Title Page[Submitted, accepted and published by Elsevier, Acta Tropica, 123: 1-7 (2012)]
Challenges for diagnosis and control of cystic hydatid disease
T. S. Barnes,1 P. Deplazes2, B. Gottstein,3 D.J.Jenkins,4A. Mathis2, M. Siles-Lucas,5 P. R. Torgerson,6 I. Ziadinov,2D. D. Heath,7
1 The University of Queensland, School of Veterinary Science, Gatton, QLD, Australia.()
2Vetsuisse-Faculty, University of Zurich, Institute of Parasitology, Zurich, Switzerland.( )
3Institute of Parasitology, University of Bern, Bern, Switzerland.( )
4School of Animal and Veterinary Science, Charles Sturt University, Wagga Wagga, NSW,Australia.()
5IRNASA, CSIC,Cordel de Merinas,40-52. 37008, Salamanca, Spain. ( )
6Vetsuisse-Faculty, University of Zurich, Institute for Epidemiology, Zurich, Switzerland.( )

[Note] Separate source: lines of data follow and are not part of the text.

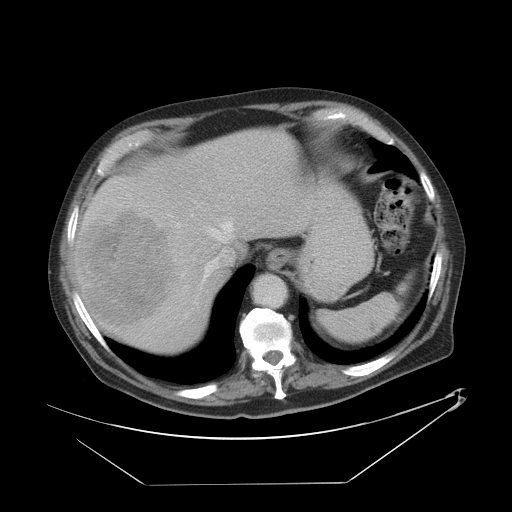
CT image. The vessel annotation is not exhaustive.
liver_tumor:
  - 78,212,175,326
hepatic_vessel:
  - 207,217,233,242
  - 194,301,196,303
  - 202,258,218,281
  - 176,223,179,226
  - 168,214,171,216
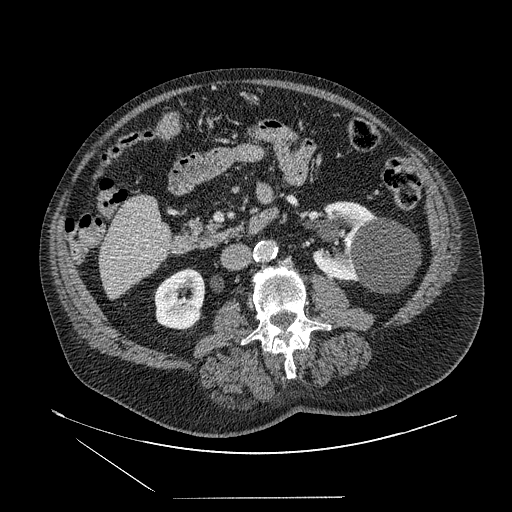
CT | Abdomen
The pancreas is at x1=183 y1=215 x2=227 y2=245.
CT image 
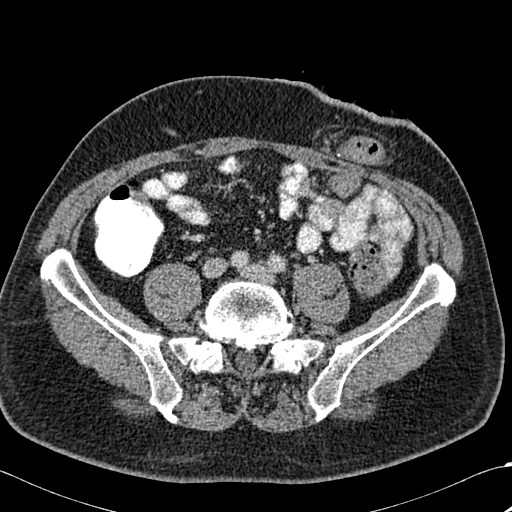

3 bone regions are located at 41 249 181 422, 168 281 324 372, 308 263 455 420.
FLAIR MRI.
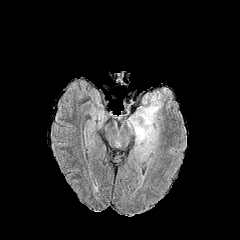
T1-weighted MR.
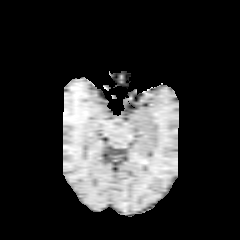
Post-contrast T1-weighted MRI.
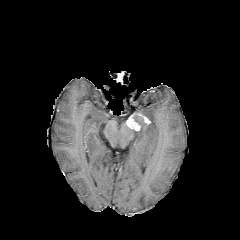
T2-weighted magnetic resonance.
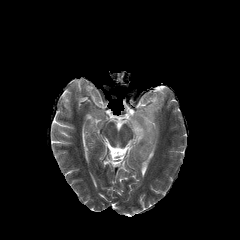
Image size 240x240. Brain.
• enhancing tumor: <box>126,111,151,132</box>
• edema: <box>132,91,163,161</box>
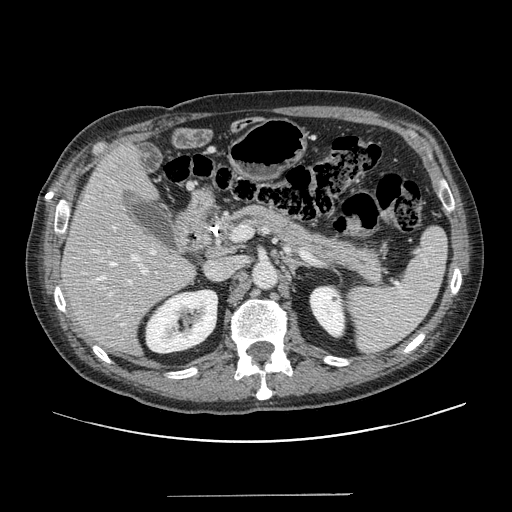
Abdomen, CT image
<segmentation>
  <pancreas><box>192,204,386,286</box></pancreas>
</segmentation>
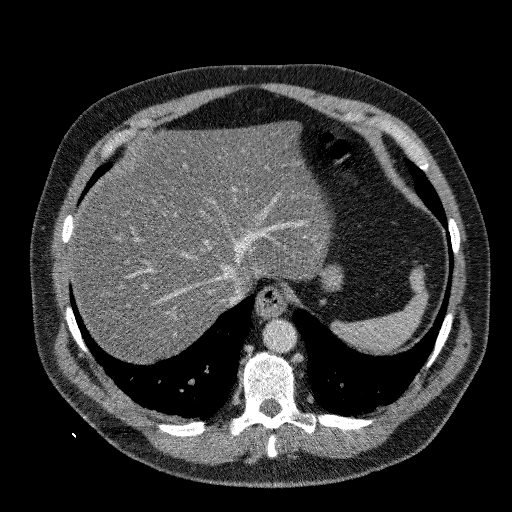

Liver. Computed tomography.
{"liver": ["x1=69 y1=121 x2=327 y2=362"]}
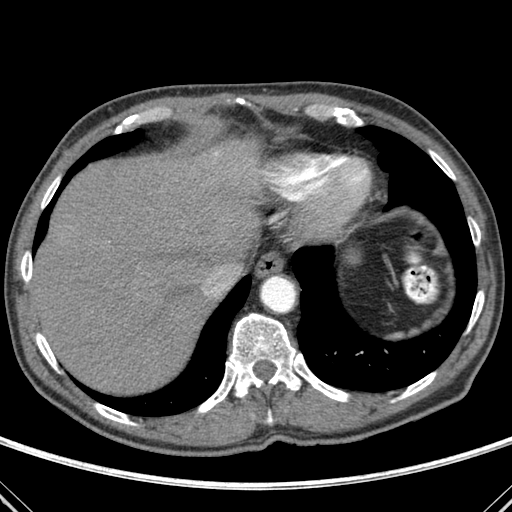 CT, Abdomen
Segmented structures:
* liver: <bbox>32, 140, 258, 395</bbox>
* lung: <bbox>36, 129, 143, 247</bbox>, <bbox>73, 275, 251, 416</bbox>, <bbox>292, 126, 476, 391</bbox>
* bone: <bbox>21, 251, 32, 282</bbox>, <bbox>429, 150, 455, 179</bbox>, <bbox>198, 313, 349, 412</bbox>, <bbox>400, 372, 436, 398</bbox>, <bbox>467, 291, 484, 331</bbox>, <bbox>36, 333, 57, 370</bbox>, <bbox>94, 403, 135, 425</bbox>, <bbox>41, 176, 60, 208</bbox>, <bbox>470, 219, 480, 245</bbox>
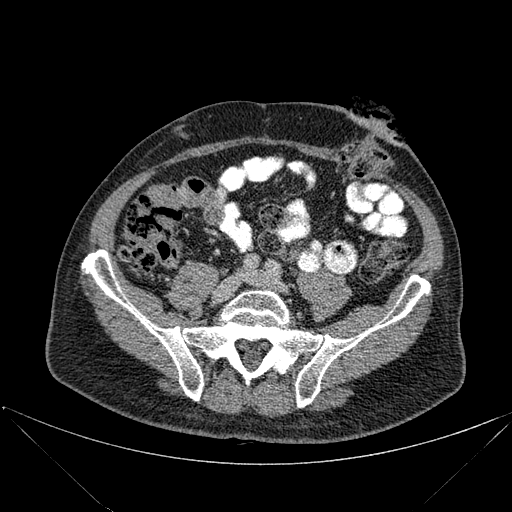 CT | 512x512 px
Bone = x1=82 y1=250 x2=430 y2=407.
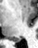 MRI.
{"posterior_hippocampus": ["left=13, top=38, right=21, bottom=41"]}
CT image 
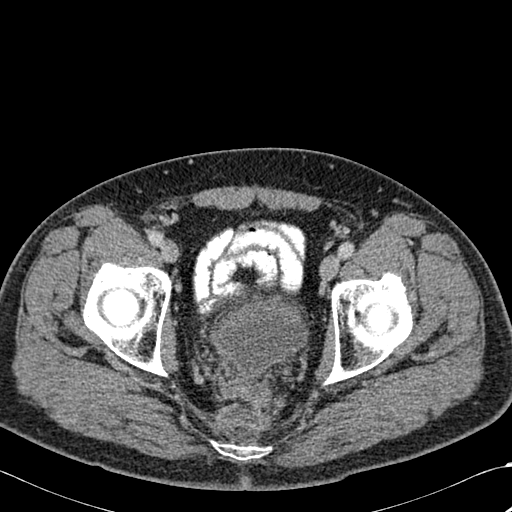 * bone: (x1=216, y1=444, x2=264, y2=459), (x1=325, y1=272, x2=412, y2=384), (x1=83, y1=263, x2=170, y2=376)
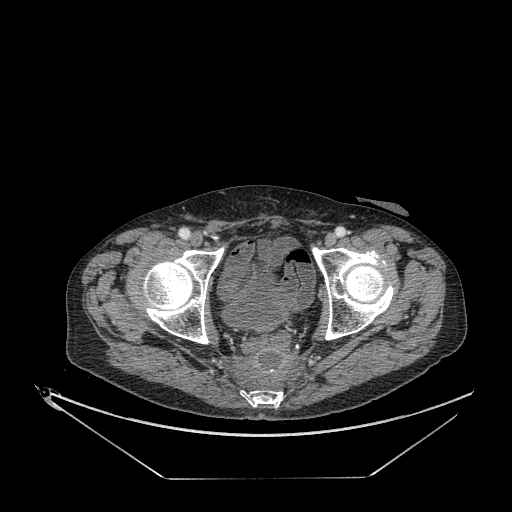
CT slice | Pelvis

<segmentation>
  <urinary_bladder>left=221, top=240, right=289, bottom=332</urinary_bladder>
</segmentation>
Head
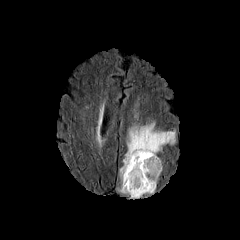
FLAIR MRI.
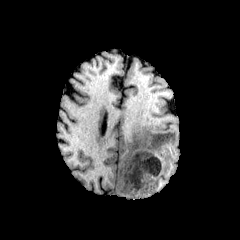
T1-weighted magnetic resonance.
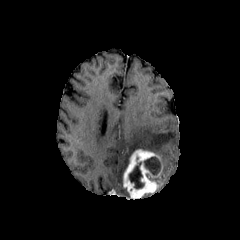
Same slice, post-contrast T1-weighted MRI.
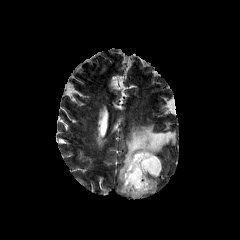
T2-weighted MRI.
<segmentation>
  <non-enhancing_tumor_core>128,162,145,189; 144,157,162,183</non-enhancing_tumor_core>
  <edema>117,120,175,194</edema>
  <enhancing_tumor>123,149,160,198</enhancing_tumor>
</segmentation>
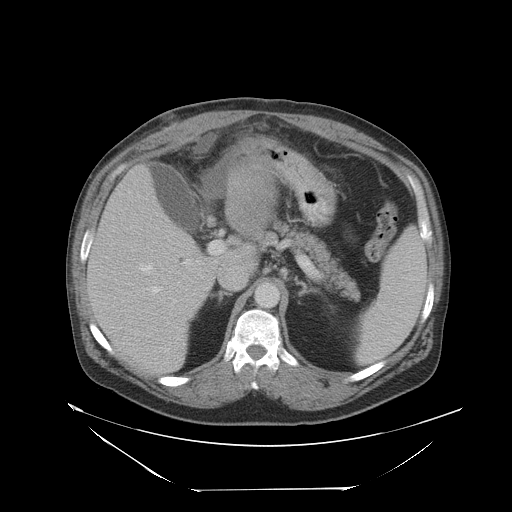
512x512; Liver; CT scan slice
The vessel annotation is not exhaustive.
The liver tumor lies within <box>228,182,268,232</box>. 6 hepatic vessel regions are bounded by <box>184,259,190,264</box>, <box>149,286,161,293</box>, <box>141,263,152,273</box>, <box>166,348,167,350</box>, <box>210,241,223,254</box>, <box>128,191,130,192</box>.
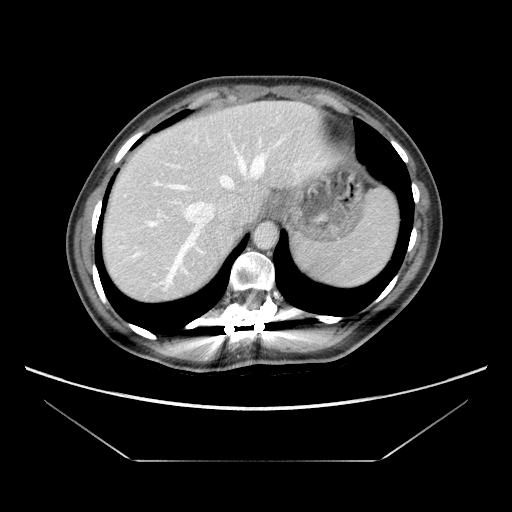

512x512 px | Computed tomography

Some hepatic vessels may have no box.
Hepatic vessel = (x1=148, y1=222, x2=157, y2=226), (x1=233, y1=147, x2=271, y2=179), (x1=218, y1=174, x2=234, y2=189), (x1=158, y1=201, x2=232, y2=289), (x1=156, y1=183, x2=190, y2=190), (x1=177, y1=166, x2=180, y2=167), (x1=169, y1=164, x2=175, y2=167), (x1=293, y1=164, x2=299, y2=167).
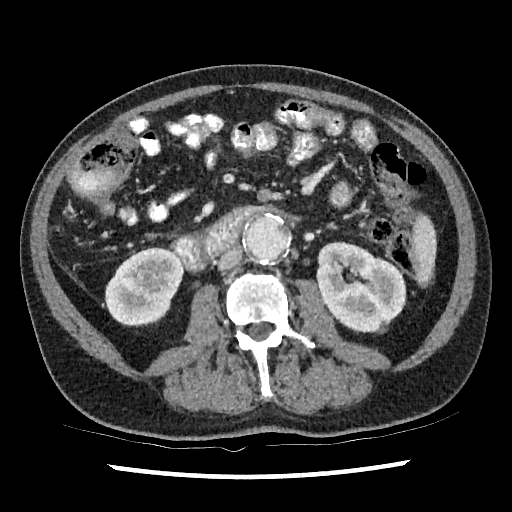

CT slice; Abdomen

* kidney: [106,248,183,324], [317,242,405,331]
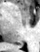
MR image. 40x52.
Annotated regions:
- posterior hippocampus: box=[18, 43, 23, 45]
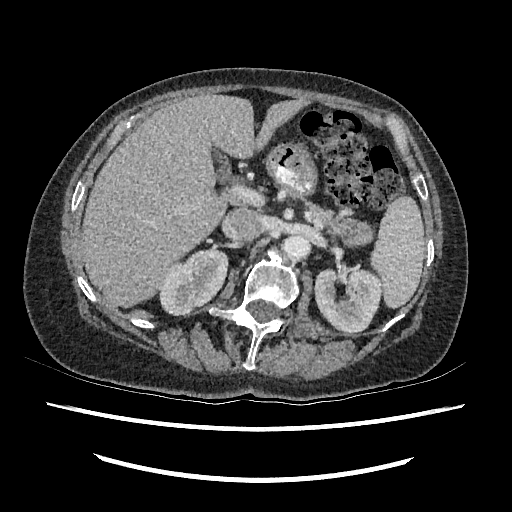 Abdomen | CT slice
2 kidney regions appear at <box>315,261,381,332</box>, <box>159,249,227,314</box>. The liver lies within <box>82,95,306,306</box>.
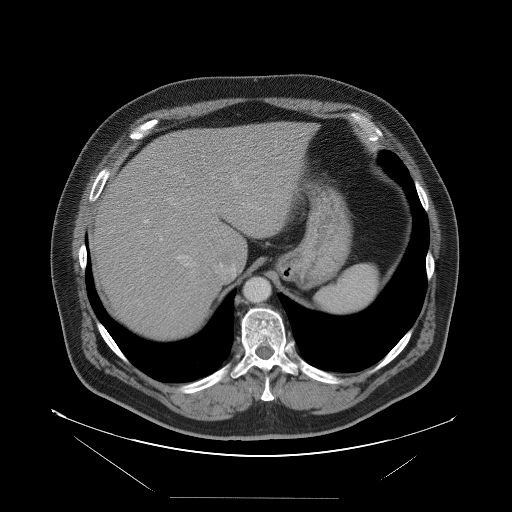
CT. Not every hepatic vessel necessarily has a box.
* hepatic vessel: bbox=[191, 270, 193, 272]; bbox=[219, 263, 222, 267]; bbox=[144, 219, 148, 222]; bbox=[159, 238, 162, 240]; bbox=[178, 255, 186, 259]
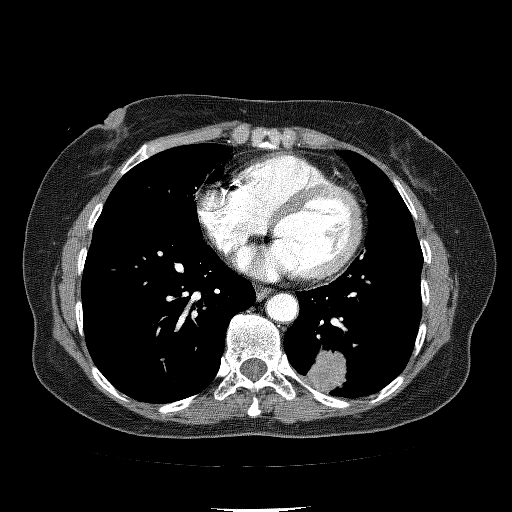

CT scan slice | Lung
Segmented structures:
- lung tumor: 306, 349, 351, 390
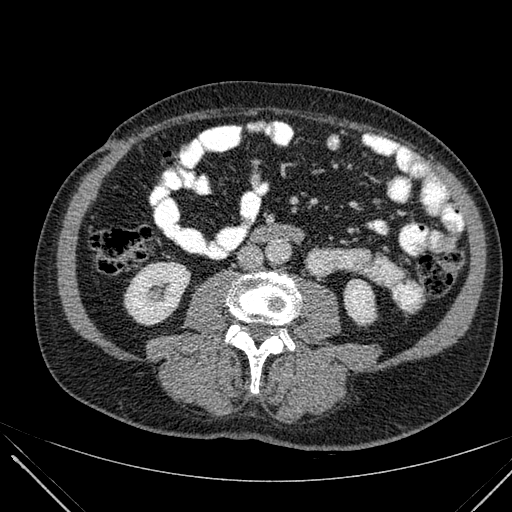
Image size 512x512; CT image

* kidney: {"x1": 125, "y1": 263, "x2": 189, "y2": 324}, {"x1": 344, "y1": 280, "x2": 374, "y2": 322}
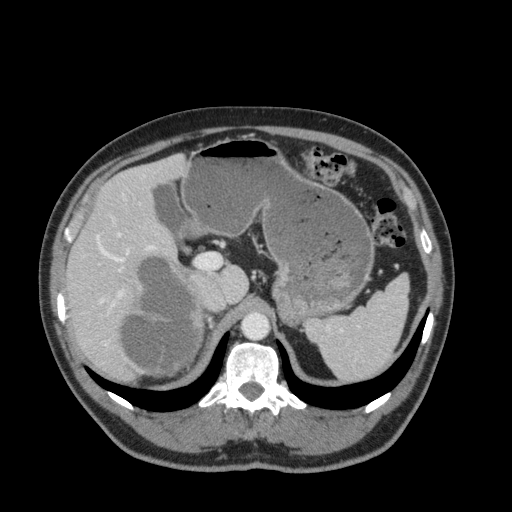
Abdomen | 512x512 | Computed tomography

liver:
  - (x1=217, y1=266, x2=247, y2=302)
  - (x1=66, y1=155, x2=185, y2=380)
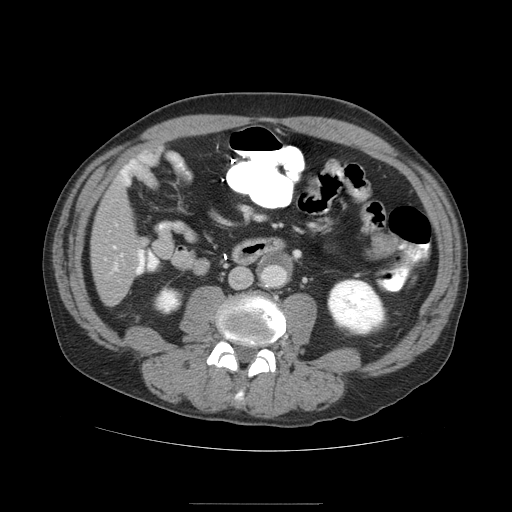 CT image

Not every hepatic vessel necessarily has a box.
hepatic_vessel:
  - x1=112 y1=264 x2=117 y2=271
  - x1=120 y1=254 x2=122 y2=255
  - x1=113 y1=246 x2=115 y2=248
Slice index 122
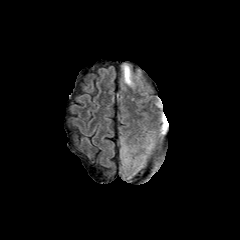
FLAIR MR.
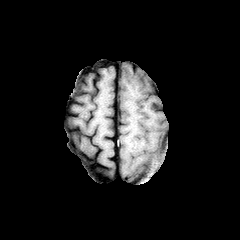
Same slice, T1-weighted MR.
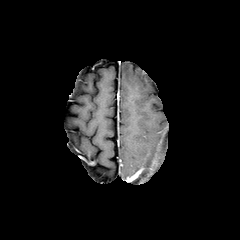
Post-contrast T1-weighted magnetic resonance.
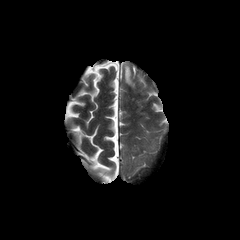
T2-weighted magnetic resonance of the same slice.
Annotated regions:
* edema: <box>122,63,141,86</box>
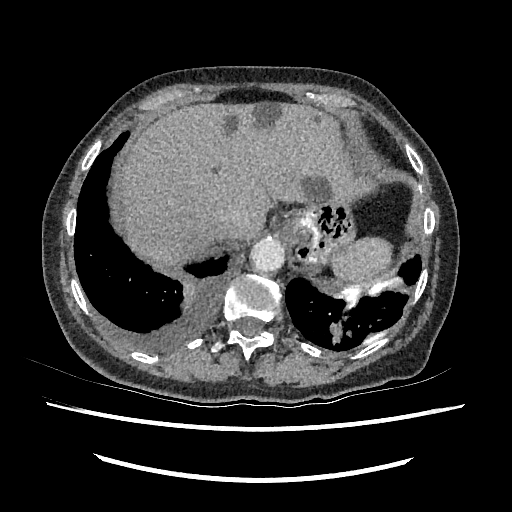 Upper abdomen | 512x512 | CT scan slice
The liver is bounded by box(121, 104, 356, 265). 3 liver lesion regions appear at box(223, 112, 236, 133); box(300, 176, 332, 202); box(252, 104, 280, 127).
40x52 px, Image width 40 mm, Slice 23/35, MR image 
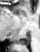 Annotated regions:
- posterior hippocampus: 17,35,29,45
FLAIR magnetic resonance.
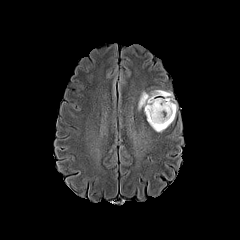
T1-weighted MR.
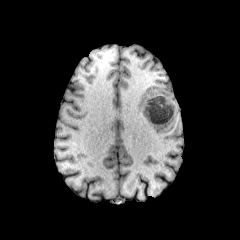
Post-contrast T1-weighted magnetic resonance.
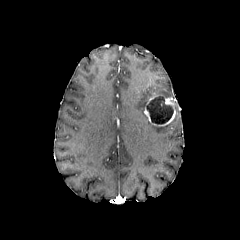
T2-weighted magnetic resonance.
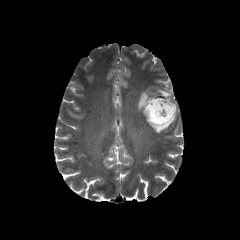
Head.
Non-enhancing tumor core: bounding box box=[146, 96, 173, 124].
Edema: bounding box box=[138, 90, 149, 110]; box=[153, 90, 173, 97]; box=[148, 121, 172, 131].
Enhancing tumor: bounding box box=[143, 92, 175, 127].
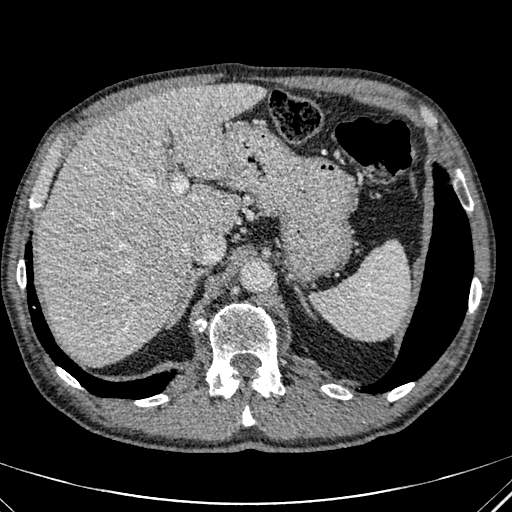
Computed tomography; 512x512 px; Upper abdomen
Liver = region(38, 83, 266, 364).
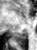
MR image. 37x50. Hippocampus.
The posterior hippocampus is bounded by left=16, top=32, right=26, bottom=42.
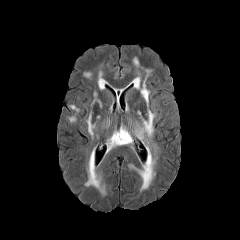
FLAIR MRI.
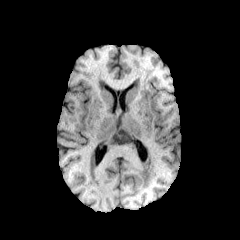
T1-weighted MRI.
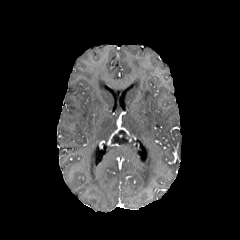
Post-contrast T1-weighted MRI of the same slice.
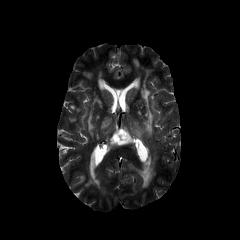
Same slice, T2-weighted MRI.
Image size 240x240, Brain
Non-enhancing tumor core — [x1=110, y1=130, x2=134, y2=149].
Edema — [x1=98, y1=71, x2=106, y2=90], [x1=131, y1=70, x2=151, y2=107], [x1=128, y1=144, x2=157, y2=192], [x1=84, y1=146, x2=105, y2=196], [x1=132, y1=110, x2=155, y2=143], [x1=86, y1=112, x2=95, y2=139].
Enhancing tumor — [x1=106, y1=127, x2=129, y2=144].
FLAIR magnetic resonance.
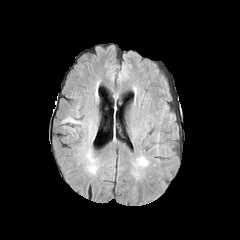
T1-weighted MR image.
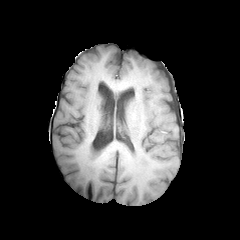
Post-contrast T1-weighted MRI.
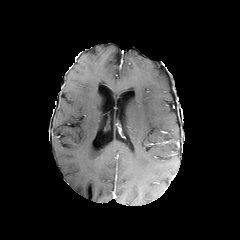
T2-weighted magnetic resonance.
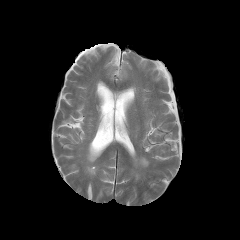
Image size 240x240
edema: (133, 156, 149, 168)
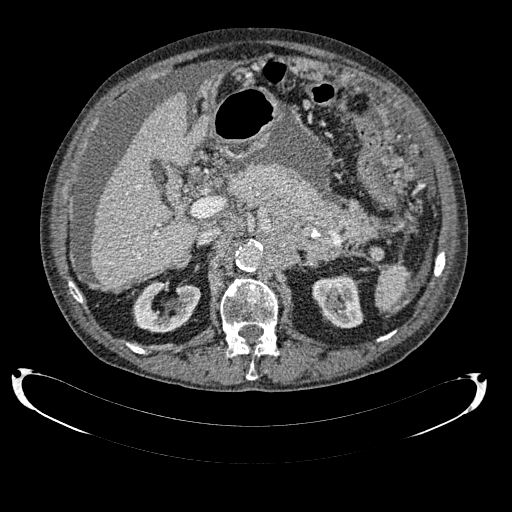

Abdomen, Computed tomography
kidney:
  - bbox(134, 282, 200, 331)
  - bbox(312, 276, 362, 327)
liver:
  - bbox(91, 92, 206, 290)

7 Animal Health Division, AgResearch, Hopkirk Research Centre, Palmerston North, NewZealand. ()
Corresponding Author:
Tamsin Barnes,
School of Veterinary Science,
The University of Queensland,
Gatton Campus,
Gatton,
4343,
Australia
Tel: +61 7 5460 1965
Fax: +61 7 5640 1922
Email:
Abstract
This paper is based on the experience of the authors, with the aim to define the challenges for Echinococcus granulosus (E.g./CE) diagnosis and control for those countries that may now or in the future be contemplating control of hydatid disease. A variety of methods are available for diagnosis in humans but a world standard is lacking. Diagnosis in definitive hosts can avoid necropsy by the use of methods such as coproantigen detection but test performance is variable between populations. A sylvatic cycle adds challenges in some countries and the epidemiology of the parasite in these hosts is poorly understood. Control by solely administering praziquantel to dogs is not effective in developing countries where the disease is endemic. Additional avenues to pursue include the instigation of participatory planning, use of an existing vaccination for intermediate hosts and development of a vaccine and long-acting anthelmitic implants for definitive hosts. Promoting public acceptance of control of the dog population by humane euthanasia and reduced reproduction is also essential.
Key Words
Hydatid Disease; Echinococcus granulosus; Echinococcus multilocularis; Challenges; Control; Diagnosis in humans; Diagnosis in animals; Sylvatic hosts.
Introduction
Members of the genus Echinococcus have two-host life cycles; the definitive hosts are carnivores (canids or felids) and the intermediate hosts are herbivores or omnivores. Both hosts may be either domestic or sylvatic. Echinococcus granulosushas a worldwide distribution and E. multilocularis is endemic in the northern hemisphere (McManus et al., 2003). During the previous 50 years, control of hydatid disease caused by E.granulosus has been undertaken in several jurisdictions around the world, but these control programs have had varying degrees of success(Craig and Larrieu, 2006). There are ongoing challenges in diagnosing infection in different host species. Consequently it is difficult to assess prevalence and infection pressure in any host population. Although there are a variety of different control measures available they all have serious difficulties when applied at the population level.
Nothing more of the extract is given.